━━ GIVEN INFORMATION ━━
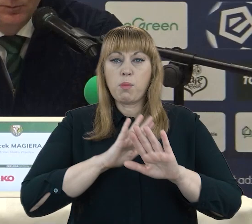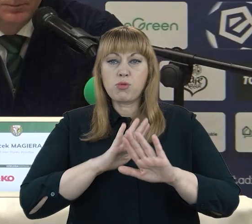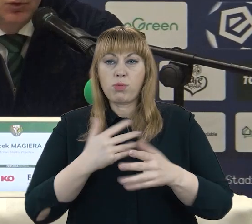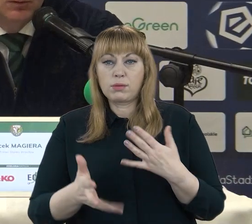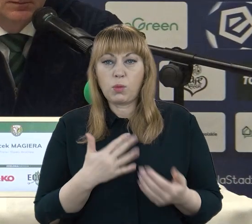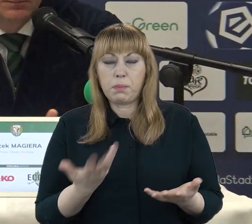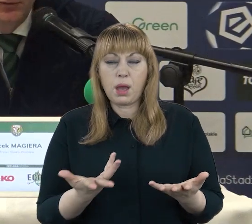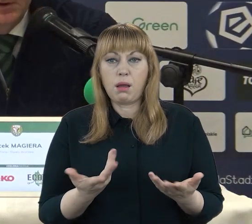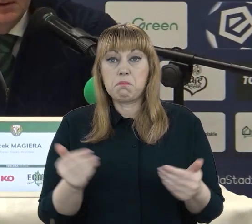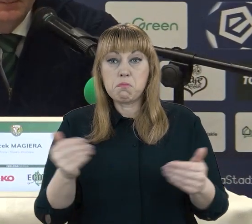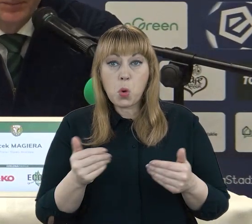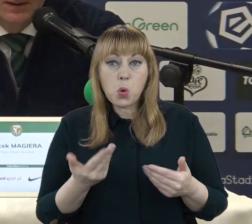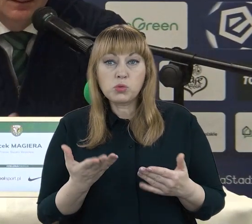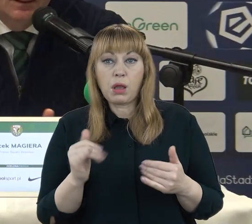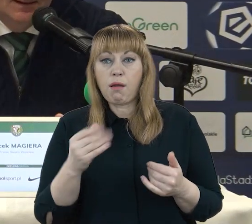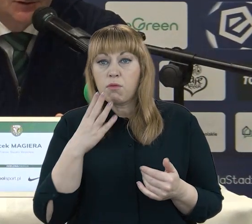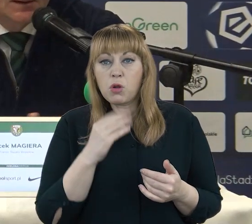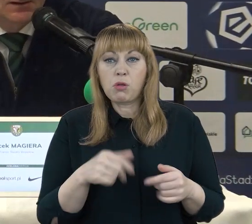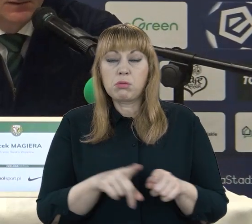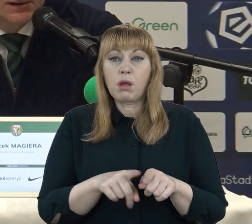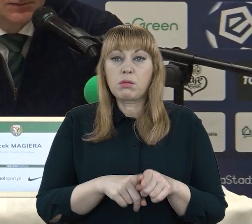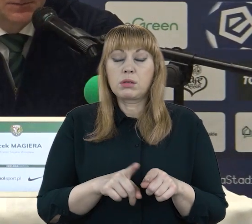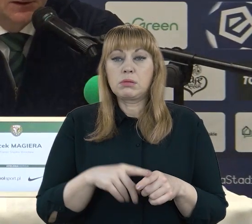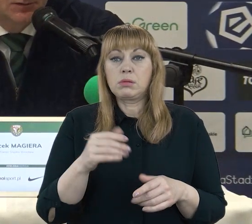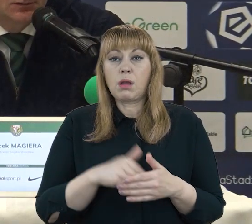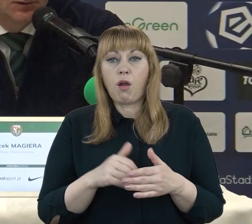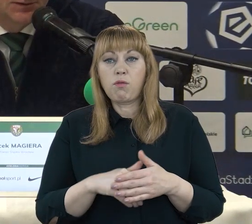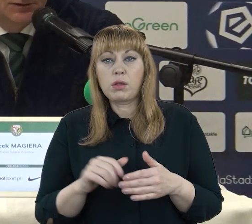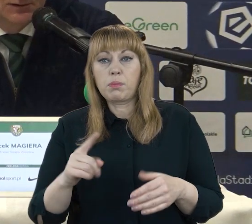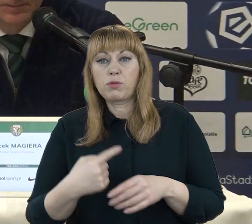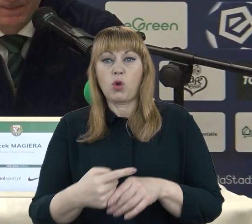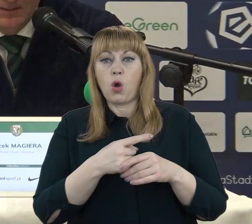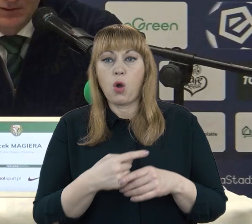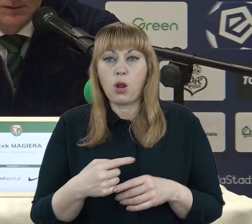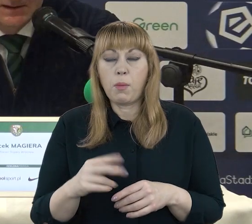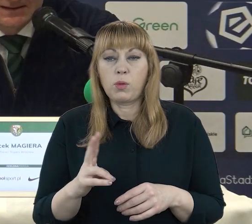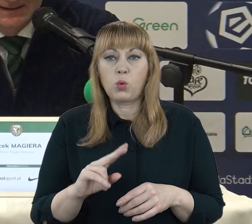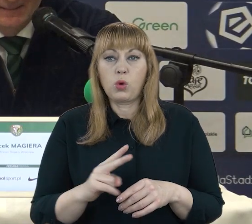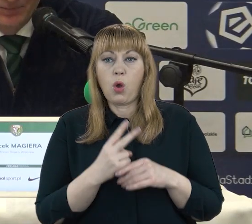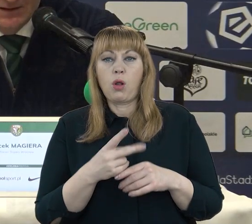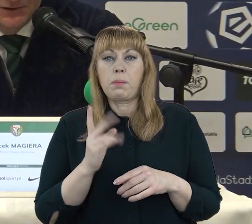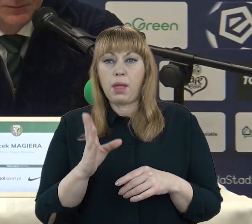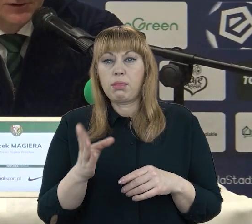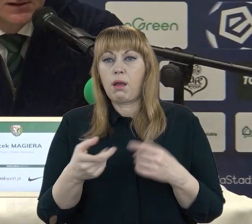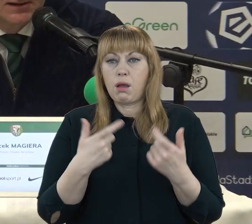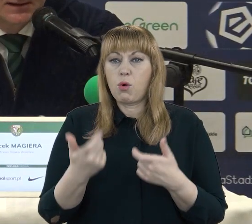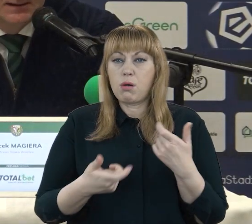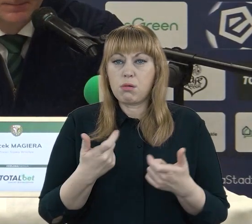mógł, powinien inaczej zachować się przy pierwszym golu i przy drugim, bo to jest, zbyt szybko się dzieje i
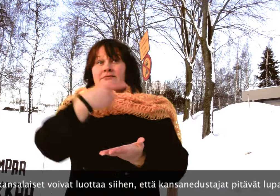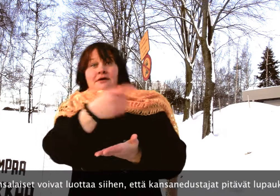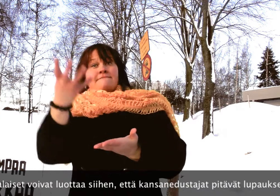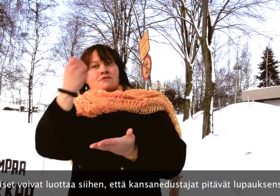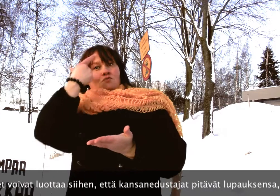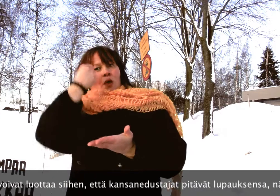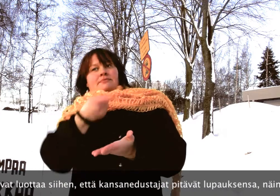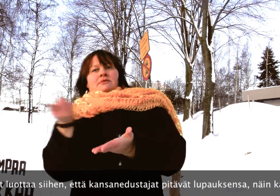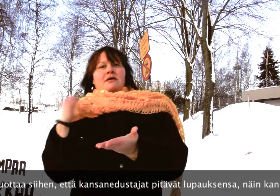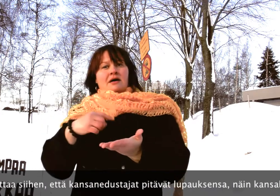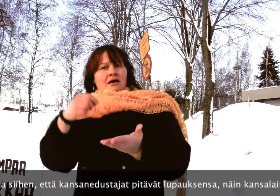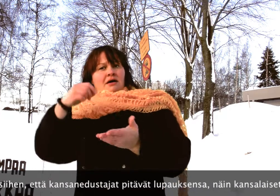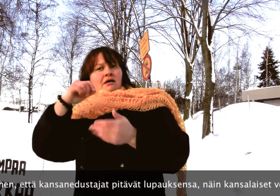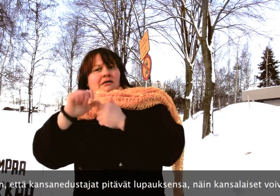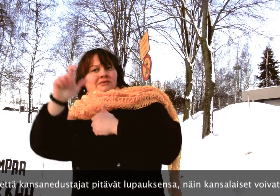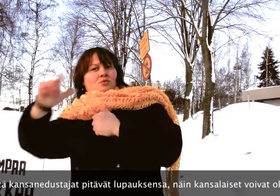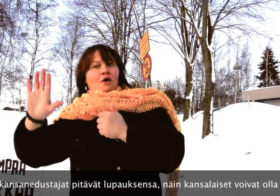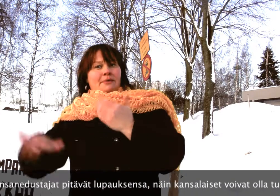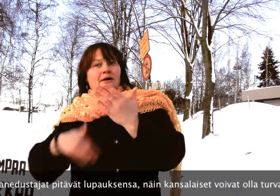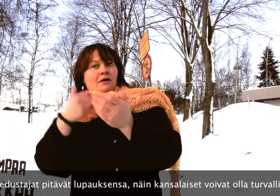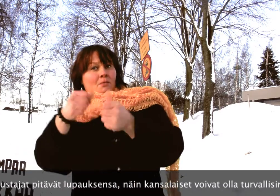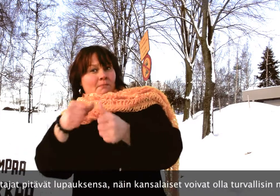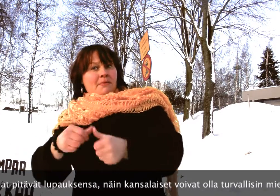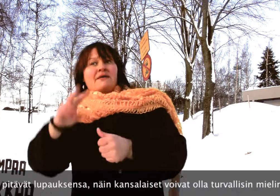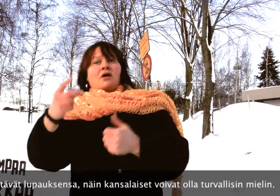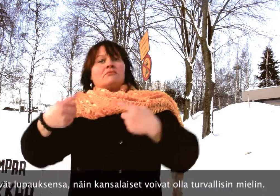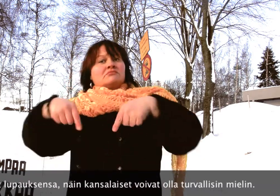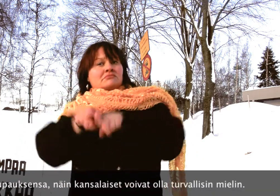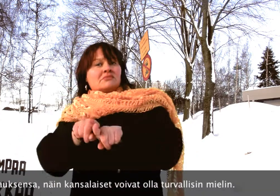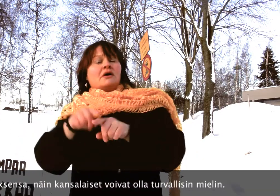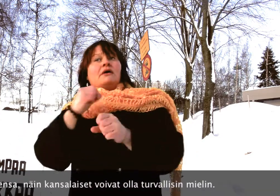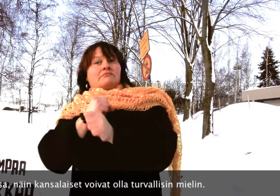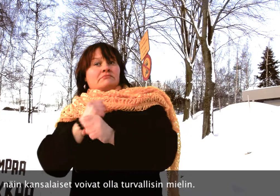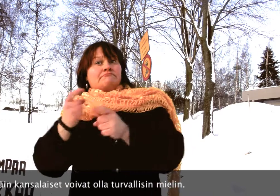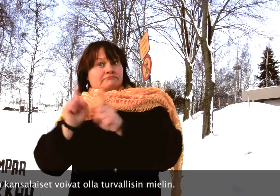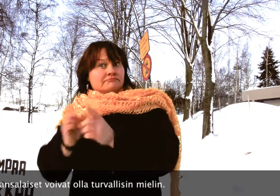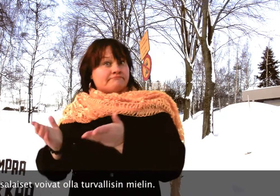pitää lupauksensa. Ja näin kansalaiset voi olla turvallisin mielin.
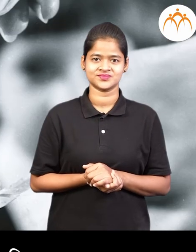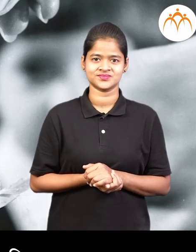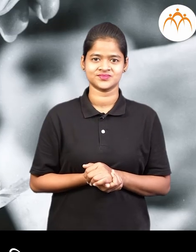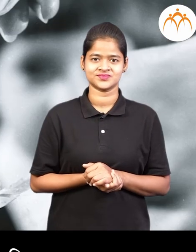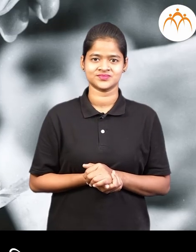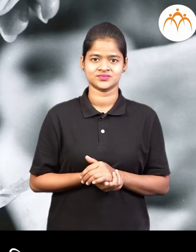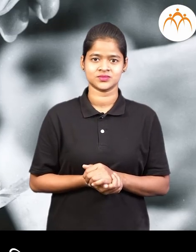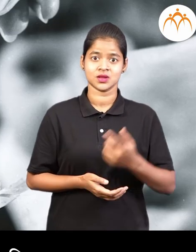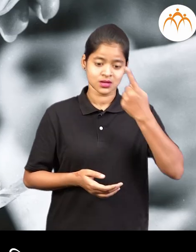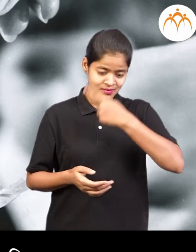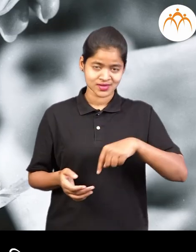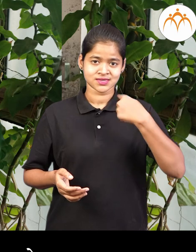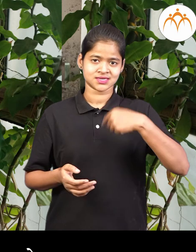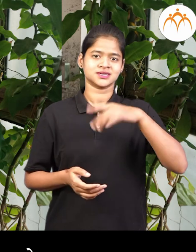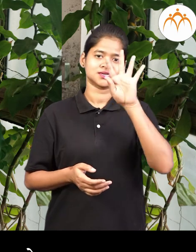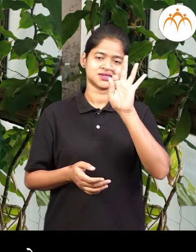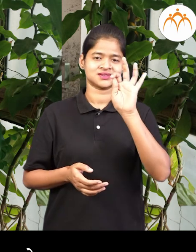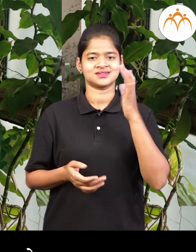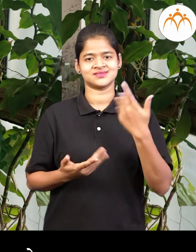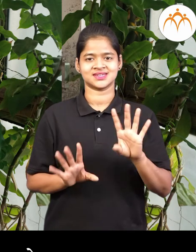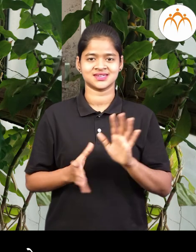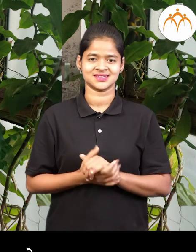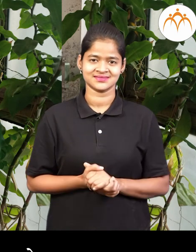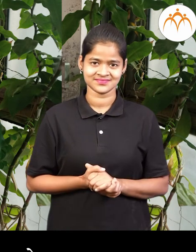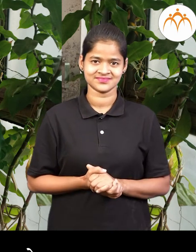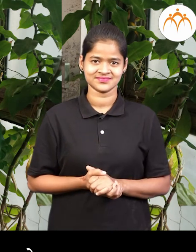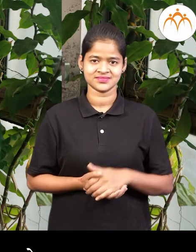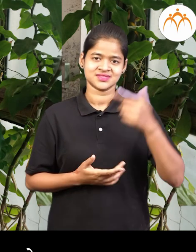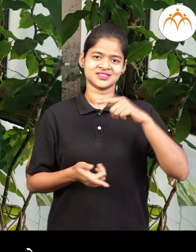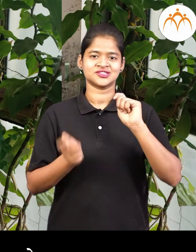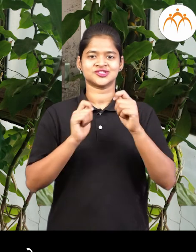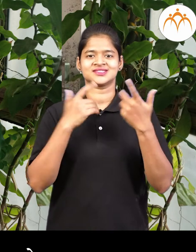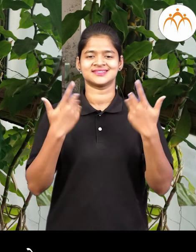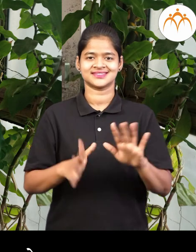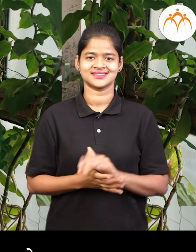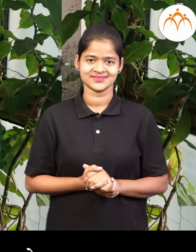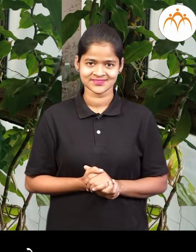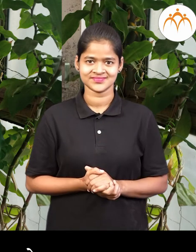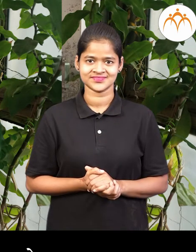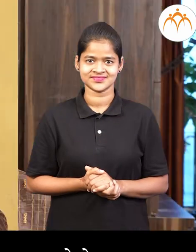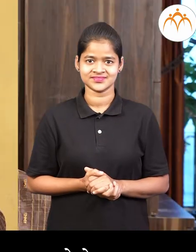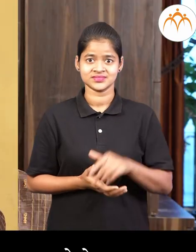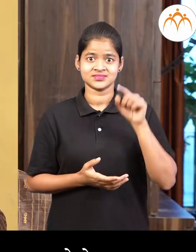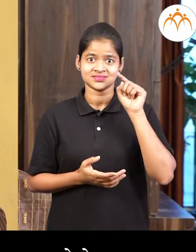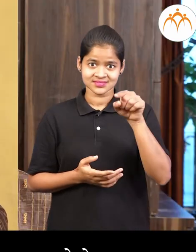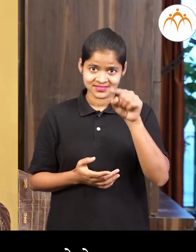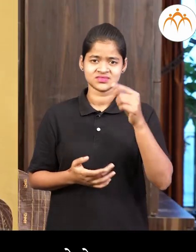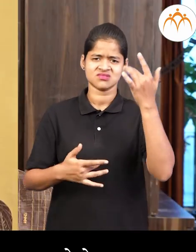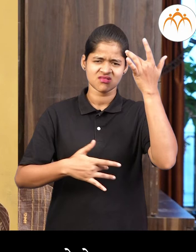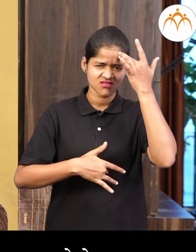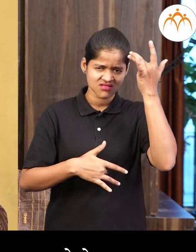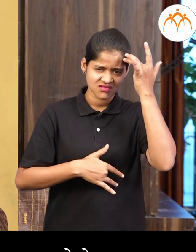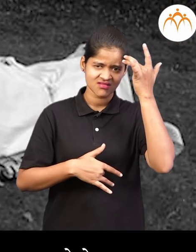लसी दिल्या जातात चाड़ीशी नंतर हळू-हळू शरीरात बदल होत रहतात महतार पणी
━━━
All the lines above need to be repeated exactly, with no pictures carried over.

> _RESPONSE_:
mógł, powinien inaczej zachować się przy pierwszym golu i przy drugim, bo to jest, zbyt szybko się dzieje i
pitää lupauksensa. Ja näin kansalaiset voi olla turvallisin mielin.
लसी दिल्या जातात चाड़ीशी नंतर हळू-हळू शरीरात बदल होत रहतात महतार पणी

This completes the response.